0.71, that is, more than 70% of the genome of the pre-LECA eukaryotes would be occupied by introns, by far the greatest intron content compared with modern eukaryotic genomes (). Thus, the ancient eukaryotic forms might have had literally intron-dominated genomes so that the rest of eukaryotic evolution, with some notable exceptions like the expansion of introns in mammals and, possibly, some short episodes of substantial intron gain (
Carmel et al. 2007), could be a story of intron loss and shrinkage.
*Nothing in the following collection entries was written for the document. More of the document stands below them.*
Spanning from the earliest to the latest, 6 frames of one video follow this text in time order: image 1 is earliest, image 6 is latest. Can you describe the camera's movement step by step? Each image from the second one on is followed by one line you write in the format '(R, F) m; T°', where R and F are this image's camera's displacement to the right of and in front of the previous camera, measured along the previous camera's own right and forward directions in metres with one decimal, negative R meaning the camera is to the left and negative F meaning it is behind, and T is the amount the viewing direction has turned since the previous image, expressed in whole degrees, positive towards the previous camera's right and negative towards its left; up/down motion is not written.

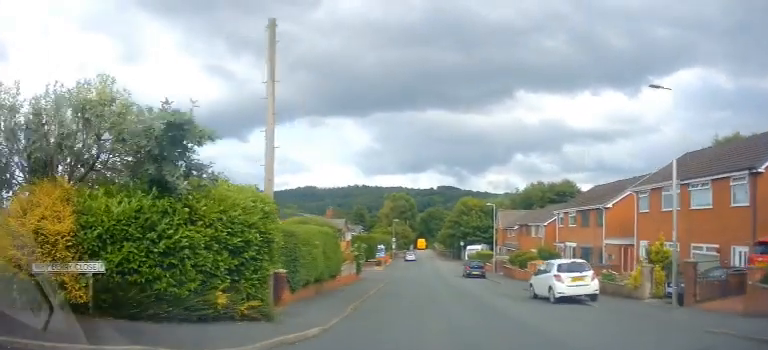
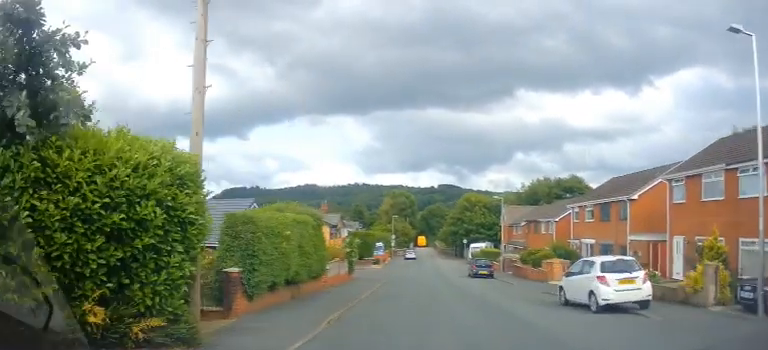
(0.0, +3.9) m; 0°
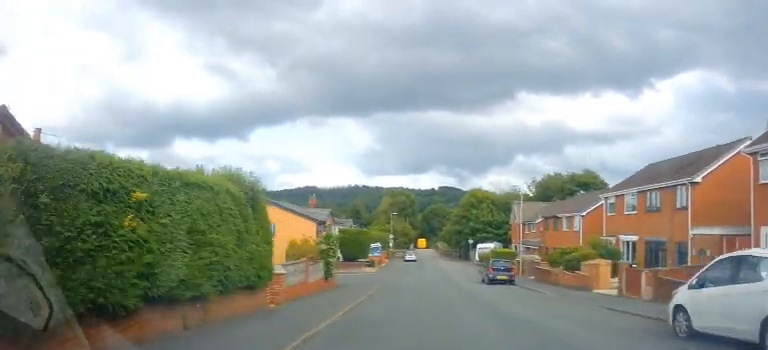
(0.0, +7.0) m; 0°
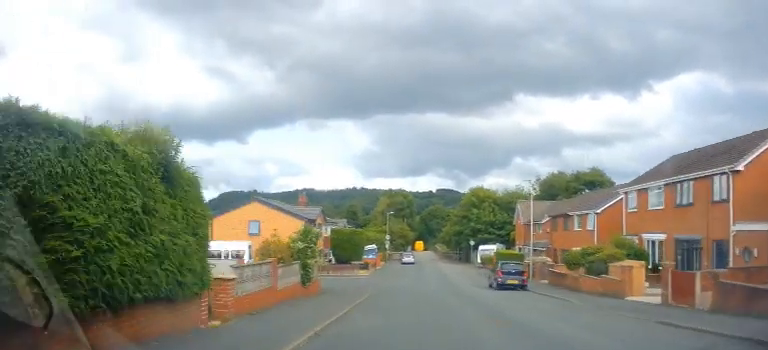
(0.0, +3.6) m; 0°
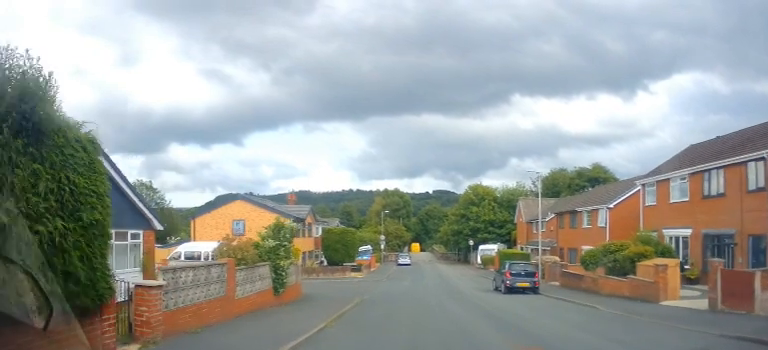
(0.0, +2.7) m; 0°
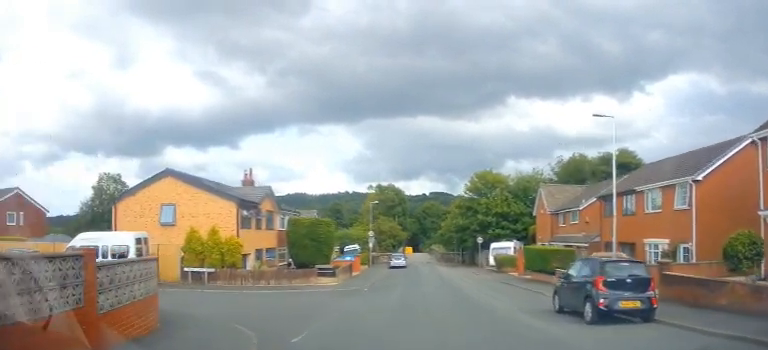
(0.0, +11.2) m; 0°

It is worth noting that the above inference of the extremely high fraction of intron sequences in the genomes of primordial eukaryotes is predicated on the scenario under which the primary invasion of introns antedated the emergence of the spliceosome (
Martin and Koonin 2006). In principle, the reverse order of events is conceivable whereby the spliceosome that, clearly, preceded LECA (
Collins and Penny 2005) evolved prior to intron invasion, perhaps, performing a different function, and was available to catalyze the excision of the invading Group II introns. However, considering the apparent homology between the catalytic snRNAs of the spliceosome and the ribozyme part of Group II introns (
Toor et al. 2008), the invasion-first scenario appears distinctly more plausible.